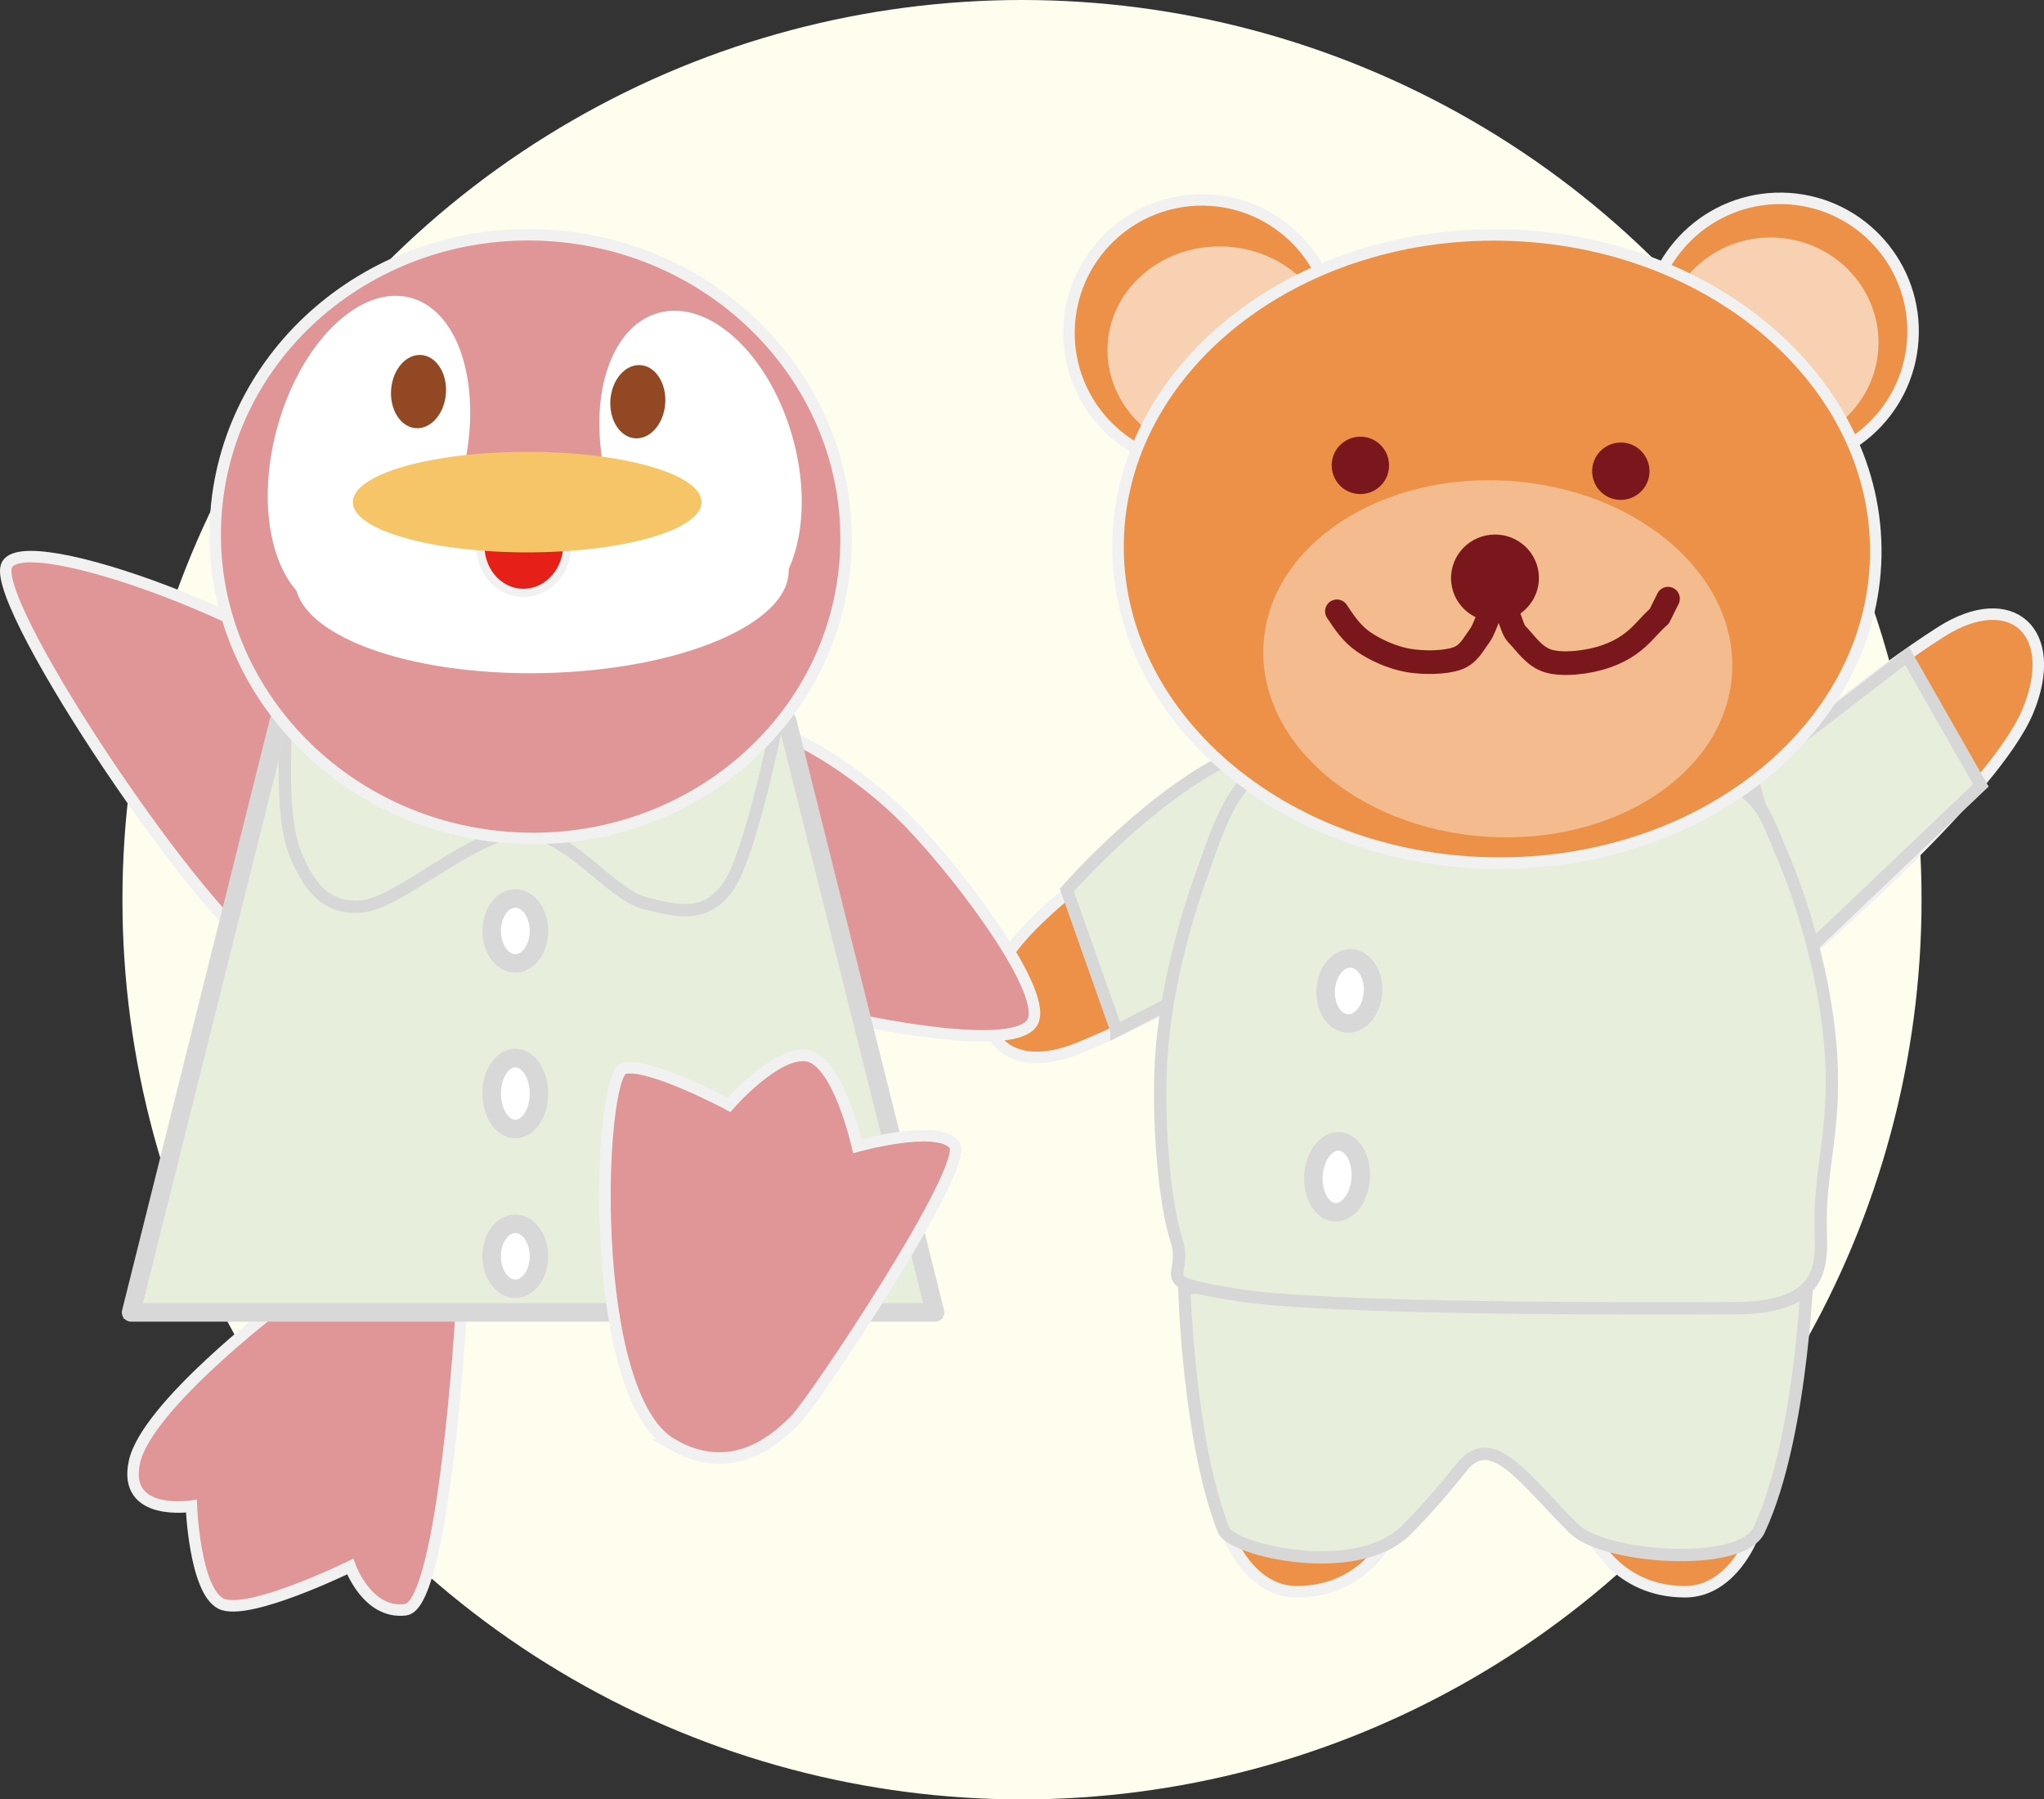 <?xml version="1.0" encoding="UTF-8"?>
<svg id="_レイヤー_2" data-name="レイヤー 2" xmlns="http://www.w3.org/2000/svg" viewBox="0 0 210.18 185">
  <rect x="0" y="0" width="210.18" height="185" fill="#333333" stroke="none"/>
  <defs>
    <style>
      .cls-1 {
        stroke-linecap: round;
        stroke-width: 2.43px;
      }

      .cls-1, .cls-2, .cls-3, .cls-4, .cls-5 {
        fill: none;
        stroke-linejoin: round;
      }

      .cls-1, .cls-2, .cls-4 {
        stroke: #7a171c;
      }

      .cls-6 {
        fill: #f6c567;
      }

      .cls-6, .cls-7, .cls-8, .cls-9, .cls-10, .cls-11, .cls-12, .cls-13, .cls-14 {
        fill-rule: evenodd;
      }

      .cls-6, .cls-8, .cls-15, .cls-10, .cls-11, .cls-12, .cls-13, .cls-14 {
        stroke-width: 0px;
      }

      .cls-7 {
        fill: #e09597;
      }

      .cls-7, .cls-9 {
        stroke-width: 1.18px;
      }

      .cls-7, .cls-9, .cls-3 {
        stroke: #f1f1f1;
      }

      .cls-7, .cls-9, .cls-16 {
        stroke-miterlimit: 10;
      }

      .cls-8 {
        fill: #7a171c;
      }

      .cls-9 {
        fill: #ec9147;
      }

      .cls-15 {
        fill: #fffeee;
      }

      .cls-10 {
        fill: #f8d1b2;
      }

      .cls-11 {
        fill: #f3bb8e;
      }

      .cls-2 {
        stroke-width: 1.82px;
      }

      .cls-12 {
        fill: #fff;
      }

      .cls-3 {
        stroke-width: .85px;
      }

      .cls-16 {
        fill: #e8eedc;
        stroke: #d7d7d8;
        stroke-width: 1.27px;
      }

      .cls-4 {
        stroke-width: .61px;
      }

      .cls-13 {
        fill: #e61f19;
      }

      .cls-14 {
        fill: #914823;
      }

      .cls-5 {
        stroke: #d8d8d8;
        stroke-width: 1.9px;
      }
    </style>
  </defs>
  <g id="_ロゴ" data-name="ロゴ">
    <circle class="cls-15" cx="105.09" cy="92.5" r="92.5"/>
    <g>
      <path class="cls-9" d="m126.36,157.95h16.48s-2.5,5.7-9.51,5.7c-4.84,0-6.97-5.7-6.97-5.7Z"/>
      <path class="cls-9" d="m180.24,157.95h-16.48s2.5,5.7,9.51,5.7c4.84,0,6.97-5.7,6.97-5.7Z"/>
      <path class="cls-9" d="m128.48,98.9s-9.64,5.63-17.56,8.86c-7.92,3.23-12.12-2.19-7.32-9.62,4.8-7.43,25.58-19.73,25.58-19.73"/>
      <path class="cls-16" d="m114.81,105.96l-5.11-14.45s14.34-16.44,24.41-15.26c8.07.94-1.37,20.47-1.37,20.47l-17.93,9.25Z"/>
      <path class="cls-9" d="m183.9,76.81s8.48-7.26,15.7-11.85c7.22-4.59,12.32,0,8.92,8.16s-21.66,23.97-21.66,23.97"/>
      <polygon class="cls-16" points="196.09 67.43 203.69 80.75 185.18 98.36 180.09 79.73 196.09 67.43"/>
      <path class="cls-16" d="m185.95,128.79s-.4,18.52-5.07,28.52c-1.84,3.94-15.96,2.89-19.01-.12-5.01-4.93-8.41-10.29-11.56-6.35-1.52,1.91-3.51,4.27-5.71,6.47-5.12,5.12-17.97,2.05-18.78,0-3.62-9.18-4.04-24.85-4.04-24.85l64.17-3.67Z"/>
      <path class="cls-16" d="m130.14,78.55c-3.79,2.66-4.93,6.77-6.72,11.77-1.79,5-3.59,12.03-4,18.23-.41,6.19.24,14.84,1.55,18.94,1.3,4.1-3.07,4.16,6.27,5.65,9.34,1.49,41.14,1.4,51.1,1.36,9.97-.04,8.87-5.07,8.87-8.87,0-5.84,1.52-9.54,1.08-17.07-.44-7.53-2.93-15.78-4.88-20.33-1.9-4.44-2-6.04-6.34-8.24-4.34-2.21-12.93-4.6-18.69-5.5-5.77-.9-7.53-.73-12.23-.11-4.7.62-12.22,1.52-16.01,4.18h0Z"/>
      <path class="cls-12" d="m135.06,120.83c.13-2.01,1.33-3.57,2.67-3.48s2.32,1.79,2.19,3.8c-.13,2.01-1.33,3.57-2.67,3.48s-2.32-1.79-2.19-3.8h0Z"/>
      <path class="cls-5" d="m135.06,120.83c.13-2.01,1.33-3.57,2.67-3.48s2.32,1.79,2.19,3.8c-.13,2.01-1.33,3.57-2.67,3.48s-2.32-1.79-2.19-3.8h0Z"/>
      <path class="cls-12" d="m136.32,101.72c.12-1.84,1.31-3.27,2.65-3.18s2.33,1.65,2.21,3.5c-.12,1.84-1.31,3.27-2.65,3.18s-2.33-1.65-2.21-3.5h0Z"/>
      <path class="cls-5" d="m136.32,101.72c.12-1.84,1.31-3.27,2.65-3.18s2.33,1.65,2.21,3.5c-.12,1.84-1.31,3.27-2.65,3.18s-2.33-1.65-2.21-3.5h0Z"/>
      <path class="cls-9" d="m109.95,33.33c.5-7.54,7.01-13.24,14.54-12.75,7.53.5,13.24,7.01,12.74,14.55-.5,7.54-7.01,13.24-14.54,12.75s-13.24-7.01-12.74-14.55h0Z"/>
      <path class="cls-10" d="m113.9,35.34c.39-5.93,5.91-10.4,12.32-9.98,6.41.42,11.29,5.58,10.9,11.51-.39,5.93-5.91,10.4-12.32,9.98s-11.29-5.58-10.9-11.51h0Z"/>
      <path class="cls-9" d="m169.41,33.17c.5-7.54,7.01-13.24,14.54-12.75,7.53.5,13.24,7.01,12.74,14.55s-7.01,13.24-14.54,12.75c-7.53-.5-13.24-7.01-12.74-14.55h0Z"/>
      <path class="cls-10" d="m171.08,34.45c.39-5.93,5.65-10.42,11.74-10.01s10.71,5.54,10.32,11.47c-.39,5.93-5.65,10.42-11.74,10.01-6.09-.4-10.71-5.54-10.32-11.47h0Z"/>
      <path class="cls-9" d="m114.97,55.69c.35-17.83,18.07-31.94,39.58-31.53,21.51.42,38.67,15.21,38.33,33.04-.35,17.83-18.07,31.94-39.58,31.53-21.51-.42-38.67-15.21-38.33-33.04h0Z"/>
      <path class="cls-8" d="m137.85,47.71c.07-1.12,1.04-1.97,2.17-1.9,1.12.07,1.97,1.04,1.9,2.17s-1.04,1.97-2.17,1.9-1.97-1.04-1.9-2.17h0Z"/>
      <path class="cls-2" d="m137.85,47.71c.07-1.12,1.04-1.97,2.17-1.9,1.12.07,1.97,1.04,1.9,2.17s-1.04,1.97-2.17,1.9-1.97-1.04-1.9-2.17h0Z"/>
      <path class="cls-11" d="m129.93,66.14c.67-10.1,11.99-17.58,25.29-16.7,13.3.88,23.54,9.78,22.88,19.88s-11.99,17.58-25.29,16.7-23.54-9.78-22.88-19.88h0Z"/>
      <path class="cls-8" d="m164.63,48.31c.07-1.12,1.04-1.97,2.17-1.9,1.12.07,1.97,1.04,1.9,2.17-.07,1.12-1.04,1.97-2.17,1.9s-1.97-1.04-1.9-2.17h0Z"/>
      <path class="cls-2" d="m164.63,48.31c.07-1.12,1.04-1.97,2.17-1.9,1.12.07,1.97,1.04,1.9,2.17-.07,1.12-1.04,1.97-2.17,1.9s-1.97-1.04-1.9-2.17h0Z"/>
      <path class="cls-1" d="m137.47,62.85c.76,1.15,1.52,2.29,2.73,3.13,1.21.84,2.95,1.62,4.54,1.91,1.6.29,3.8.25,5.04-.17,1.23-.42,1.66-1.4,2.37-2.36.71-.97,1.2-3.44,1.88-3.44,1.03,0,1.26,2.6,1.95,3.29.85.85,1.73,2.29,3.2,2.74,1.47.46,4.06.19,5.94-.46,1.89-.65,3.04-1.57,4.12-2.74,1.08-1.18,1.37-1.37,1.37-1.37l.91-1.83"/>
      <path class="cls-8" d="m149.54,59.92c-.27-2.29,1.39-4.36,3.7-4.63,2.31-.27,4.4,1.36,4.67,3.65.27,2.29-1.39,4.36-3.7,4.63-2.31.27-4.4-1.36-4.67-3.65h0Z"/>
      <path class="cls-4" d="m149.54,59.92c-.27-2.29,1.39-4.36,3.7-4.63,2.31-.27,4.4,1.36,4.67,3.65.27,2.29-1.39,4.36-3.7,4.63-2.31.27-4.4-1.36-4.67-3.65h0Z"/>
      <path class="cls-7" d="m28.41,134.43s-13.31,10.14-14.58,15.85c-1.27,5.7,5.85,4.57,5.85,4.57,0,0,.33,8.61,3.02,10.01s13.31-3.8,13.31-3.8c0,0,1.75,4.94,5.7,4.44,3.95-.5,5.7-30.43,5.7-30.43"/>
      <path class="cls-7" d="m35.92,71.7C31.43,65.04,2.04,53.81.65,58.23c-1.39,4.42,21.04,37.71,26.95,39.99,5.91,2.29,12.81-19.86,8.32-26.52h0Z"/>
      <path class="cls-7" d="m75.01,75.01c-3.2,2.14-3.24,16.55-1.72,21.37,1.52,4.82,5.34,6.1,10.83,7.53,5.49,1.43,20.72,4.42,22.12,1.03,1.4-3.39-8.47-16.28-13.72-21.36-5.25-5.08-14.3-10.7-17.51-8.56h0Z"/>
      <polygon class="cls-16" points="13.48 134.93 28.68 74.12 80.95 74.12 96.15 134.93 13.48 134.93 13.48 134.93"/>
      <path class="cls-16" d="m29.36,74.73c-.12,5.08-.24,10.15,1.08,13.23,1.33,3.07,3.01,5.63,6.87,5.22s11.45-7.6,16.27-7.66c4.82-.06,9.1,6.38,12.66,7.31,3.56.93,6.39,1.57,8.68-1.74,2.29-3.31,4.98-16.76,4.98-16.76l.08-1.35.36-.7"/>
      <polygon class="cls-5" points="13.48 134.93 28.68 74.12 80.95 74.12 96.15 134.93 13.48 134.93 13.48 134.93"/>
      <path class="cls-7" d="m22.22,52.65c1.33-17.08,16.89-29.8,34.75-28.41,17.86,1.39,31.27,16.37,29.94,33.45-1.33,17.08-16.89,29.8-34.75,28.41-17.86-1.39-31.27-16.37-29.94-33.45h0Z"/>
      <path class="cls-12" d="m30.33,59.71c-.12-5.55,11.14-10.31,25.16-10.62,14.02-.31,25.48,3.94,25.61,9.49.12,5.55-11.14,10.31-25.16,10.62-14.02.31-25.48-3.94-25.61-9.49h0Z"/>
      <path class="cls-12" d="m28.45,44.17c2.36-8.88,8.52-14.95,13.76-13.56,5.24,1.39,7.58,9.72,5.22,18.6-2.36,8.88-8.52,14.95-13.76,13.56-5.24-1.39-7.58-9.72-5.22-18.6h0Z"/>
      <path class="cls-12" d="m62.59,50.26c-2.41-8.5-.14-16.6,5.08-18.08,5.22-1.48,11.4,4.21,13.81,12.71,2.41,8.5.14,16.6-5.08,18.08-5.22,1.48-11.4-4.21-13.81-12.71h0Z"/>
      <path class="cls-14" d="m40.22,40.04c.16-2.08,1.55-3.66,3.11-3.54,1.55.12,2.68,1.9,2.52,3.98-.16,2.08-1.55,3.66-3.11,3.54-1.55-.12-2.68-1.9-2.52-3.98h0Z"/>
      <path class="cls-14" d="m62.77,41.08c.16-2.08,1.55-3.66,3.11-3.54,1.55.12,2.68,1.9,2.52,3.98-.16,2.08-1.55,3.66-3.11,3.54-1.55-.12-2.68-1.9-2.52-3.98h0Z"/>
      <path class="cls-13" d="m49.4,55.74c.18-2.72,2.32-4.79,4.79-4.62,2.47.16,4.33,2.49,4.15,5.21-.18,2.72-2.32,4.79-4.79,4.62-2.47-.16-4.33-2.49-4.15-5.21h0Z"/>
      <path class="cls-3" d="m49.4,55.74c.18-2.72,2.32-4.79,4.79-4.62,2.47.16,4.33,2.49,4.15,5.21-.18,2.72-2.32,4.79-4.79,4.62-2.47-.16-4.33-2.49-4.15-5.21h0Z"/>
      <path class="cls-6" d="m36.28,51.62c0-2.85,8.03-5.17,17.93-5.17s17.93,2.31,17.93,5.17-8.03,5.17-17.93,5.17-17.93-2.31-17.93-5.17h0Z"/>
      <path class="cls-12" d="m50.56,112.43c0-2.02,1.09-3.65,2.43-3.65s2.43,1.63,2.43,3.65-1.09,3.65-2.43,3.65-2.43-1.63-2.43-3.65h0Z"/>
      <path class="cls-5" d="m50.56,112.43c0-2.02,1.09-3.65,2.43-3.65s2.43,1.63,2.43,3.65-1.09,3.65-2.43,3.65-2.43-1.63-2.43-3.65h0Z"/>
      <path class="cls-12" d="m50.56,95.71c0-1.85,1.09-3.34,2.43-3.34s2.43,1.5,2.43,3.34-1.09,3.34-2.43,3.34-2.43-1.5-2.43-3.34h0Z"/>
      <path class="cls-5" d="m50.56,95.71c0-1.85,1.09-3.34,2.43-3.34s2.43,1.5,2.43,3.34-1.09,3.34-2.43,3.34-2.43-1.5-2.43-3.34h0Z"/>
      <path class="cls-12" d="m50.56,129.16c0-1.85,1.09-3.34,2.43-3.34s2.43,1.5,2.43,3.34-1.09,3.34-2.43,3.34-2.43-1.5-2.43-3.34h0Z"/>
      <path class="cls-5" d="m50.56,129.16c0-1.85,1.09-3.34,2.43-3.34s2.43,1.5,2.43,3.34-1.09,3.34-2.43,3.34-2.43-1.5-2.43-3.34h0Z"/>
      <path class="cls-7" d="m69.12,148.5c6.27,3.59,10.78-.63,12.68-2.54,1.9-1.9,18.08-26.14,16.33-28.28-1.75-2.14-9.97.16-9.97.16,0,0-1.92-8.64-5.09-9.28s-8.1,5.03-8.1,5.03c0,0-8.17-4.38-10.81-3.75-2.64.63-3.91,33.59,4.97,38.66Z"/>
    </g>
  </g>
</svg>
^^^^^^^^^^^^^^^^
| TASK DIRECTIONS |
When a line in the data contains "width", return it as written.

| RESULT FOR THIS EXERCISE |
  <rect x="0" y="0" width="210.18" height="185" fill="#333333" stroke="none"/>
        stroke-width: 2.43px;
        stroke-width: 0px;
        stroke-width: 1.18px;
        stroke-width: 1.82px;
        stroke-width: .85px;
        stroke-width: 1.27px;
        stroke-width: .61px;
        stroke-width: 1.9px;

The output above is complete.